The series of events surrounding the shooting death of Trayvon Martin reverberated throughout the youth of African Americans.
These widespread sentiments among young African Americans ran the gamut of emotions so much so that school Principal Dr. David Watkins along with fellow administrators and teachers from Whiddon-Rogers Education Center in Fort Lauderdale, decided to address the issues surrounding the case.
The school recently hosted a panel discussion led by Sybrina Fulton, the mother of Trayvon Martin.
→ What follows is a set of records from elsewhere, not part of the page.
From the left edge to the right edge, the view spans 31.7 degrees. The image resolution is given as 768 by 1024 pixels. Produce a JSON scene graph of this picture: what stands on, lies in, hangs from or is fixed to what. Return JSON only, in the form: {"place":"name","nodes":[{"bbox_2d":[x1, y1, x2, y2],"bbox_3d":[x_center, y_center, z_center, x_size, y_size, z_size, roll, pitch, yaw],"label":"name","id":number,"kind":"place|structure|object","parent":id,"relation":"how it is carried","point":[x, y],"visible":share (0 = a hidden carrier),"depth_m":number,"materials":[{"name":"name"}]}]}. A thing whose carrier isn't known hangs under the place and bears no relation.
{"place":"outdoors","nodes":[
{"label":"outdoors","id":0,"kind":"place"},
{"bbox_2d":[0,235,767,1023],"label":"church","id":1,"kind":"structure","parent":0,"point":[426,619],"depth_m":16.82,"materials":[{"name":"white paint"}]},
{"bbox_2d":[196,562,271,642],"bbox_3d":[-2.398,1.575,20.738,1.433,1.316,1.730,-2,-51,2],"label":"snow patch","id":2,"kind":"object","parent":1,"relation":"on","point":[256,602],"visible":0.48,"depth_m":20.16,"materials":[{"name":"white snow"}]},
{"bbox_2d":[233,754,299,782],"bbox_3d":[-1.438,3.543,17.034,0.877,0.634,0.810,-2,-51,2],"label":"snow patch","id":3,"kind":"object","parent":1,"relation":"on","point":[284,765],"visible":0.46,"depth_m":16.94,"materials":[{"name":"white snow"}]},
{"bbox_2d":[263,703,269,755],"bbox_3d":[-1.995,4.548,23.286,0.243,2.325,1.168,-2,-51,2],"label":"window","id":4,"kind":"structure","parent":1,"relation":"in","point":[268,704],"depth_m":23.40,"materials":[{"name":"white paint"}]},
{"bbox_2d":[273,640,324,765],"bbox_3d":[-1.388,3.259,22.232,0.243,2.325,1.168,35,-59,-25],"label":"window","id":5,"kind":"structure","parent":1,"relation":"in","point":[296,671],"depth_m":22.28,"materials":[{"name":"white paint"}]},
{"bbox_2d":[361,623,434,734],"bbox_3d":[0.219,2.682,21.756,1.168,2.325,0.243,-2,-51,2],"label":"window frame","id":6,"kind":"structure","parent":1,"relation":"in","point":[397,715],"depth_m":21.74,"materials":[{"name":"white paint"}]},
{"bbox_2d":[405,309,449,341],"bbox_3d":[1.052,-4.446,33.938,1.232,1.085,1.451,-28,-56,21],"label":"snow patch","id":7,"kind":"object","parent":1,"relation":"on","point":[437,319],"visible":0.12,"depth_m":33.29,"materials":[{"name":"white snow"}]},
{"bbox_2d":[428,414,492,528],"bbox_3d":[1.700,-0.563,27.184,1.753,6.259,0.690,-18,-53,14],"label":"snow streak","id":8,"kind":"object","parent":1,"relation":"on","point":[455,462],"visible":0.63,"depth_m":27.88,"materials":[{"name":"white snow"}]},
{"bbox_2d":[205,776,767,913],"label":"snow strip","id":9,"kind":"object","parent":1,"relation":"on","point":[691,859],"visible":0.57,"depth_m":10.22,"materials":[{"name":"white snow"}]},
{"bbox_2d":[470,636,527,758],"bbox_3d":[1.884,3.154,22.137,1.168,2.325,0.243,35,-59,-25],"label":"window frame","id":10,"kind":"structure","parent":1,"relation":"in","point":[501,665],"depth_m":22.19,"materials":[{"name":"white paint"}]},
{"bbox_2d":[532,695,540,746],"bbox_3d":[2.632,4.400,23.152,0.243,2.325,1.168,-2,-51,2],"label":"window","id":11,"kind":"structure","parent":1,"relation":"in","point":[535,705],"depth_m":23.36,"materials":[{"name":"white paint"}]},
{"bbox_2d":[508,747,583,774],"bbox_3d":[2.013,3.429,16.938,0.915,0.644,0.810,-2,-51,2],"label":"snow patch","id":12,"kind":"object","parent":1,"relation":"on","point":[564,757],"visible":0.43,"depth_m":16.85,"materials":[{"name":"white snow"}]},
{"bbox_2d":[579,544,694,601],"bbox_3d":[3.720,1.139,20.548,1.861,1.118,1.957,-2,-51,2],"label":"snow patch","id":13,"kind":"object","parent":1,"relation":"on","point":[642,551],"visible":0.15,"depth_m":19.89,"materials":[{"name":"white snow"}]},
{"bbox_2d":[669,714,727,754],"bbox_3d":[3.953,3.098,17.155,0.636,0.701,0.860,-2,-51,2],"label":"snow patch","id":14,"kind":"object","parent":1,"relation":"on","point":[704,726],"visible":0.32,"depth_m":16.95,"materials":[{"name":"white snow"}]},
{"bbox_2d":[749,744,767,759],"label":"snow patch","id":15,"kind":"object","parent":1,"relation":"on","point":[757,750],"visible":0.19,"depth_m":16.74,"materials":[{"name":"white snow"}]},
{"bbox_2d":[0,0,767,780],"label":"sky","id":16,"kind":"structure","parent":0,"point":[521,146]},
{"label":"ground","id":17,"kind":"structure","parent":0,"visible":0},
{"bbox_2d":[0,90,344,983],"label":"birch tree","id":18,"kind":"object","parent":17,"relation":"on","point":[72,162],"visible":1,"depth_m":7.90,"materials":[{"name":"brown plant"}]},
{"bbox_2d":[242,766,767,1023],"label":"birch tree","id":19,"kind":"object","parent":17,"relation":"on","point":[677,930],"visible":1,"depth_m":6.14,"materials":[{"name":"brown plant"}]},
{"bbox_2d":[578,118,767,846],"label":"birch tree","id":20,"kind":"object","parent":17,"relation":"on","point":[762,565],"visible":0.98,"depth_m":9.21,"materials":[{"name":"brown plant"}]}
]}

“One of the missed learning opportunities last spring was that the Zimmerman Verdict was rendered during the summer. It was the first time since the O.J. trial that a single case was so emotional for young people of color across the country. It was also the first time for me, as a parent of a Y2K youth, that kids had an emotional reaction to a trial. They may have heard about Emmit Teal, Jim Crow Laws, and The Civil Rights Movement from their grandparents and history books. They have heard about police brutality, Usef Hawkins, etc. through rap music. In many of these cases young people were on the front lines of change. But the Trayvon Martin verdict was the first time that I saw young people emotionally moved by the verdict. It was the first time I heard young people fear that their civil rights may be violated and they didn’t know what to do,” said Dr. Watkins.
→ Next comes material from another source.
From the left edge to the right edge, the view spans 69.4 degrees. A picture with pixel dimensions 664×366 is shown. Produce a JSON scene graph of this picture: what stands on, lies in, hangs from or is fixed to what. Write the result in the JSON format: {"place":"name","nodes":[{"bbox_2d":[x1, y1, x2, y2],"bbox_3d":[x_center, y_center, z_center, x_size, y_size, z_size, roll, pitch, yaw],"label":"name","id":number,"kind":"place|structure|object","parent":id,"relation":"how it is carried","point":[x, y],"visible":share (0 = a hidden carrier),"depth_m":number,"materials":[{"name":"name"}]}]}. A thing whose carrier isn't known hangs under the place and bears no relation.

“They returned to school upset and confused. We facilitated interdisciplinary units on the Bill of Rights, Stand Your Ground Law, and different historical civil rights cases. They were run by our Social Studies, Criminal Justice and Reading Departments. They also learned how to express concerns and challenge laws and lawmakers in an appropriate way. We decided to create a town hall meeting. We invited experts in the field of government, law enforcement, legal experts, clergy and elected officials,” added Watkins.
School Guidance Counselor Yvonne Greene moderated the panel discussion, which in ad-dition to Sybrina Fulton included State Representative Perry Thurston, Fort Lauderdale City Commissioner Bobby Dubose, Fort Lauderdale Police Chief Frank Adderley, Assistant Police Chief Anthony Williams, Broward County Sheriff’s Department Lt. Colonel Keith Neely, Pastor Eddie Moise, Bethel A.M. E. Church-Pompano Beach, Reverend Dr. Clark Lazare, Light of Life Worship Center-Lauderhill, Chief Broward County Assistant State Attorney Maria Schneider, Broward County Chief Assistant Public Defender Gordon Weeks, and Guy Wheeler, CEO Guy A. Wheeler Group.
In honor of her son’s memory Sybrina Fulton chose to focus on encouraging the students to set goals in life. Fulton used her life and personal experiences and those of her son as examples. She said they too shared many of the same aspirations in life that many of the students attending the forum might have. She said that education was a vital tool that should be used to be successful in life.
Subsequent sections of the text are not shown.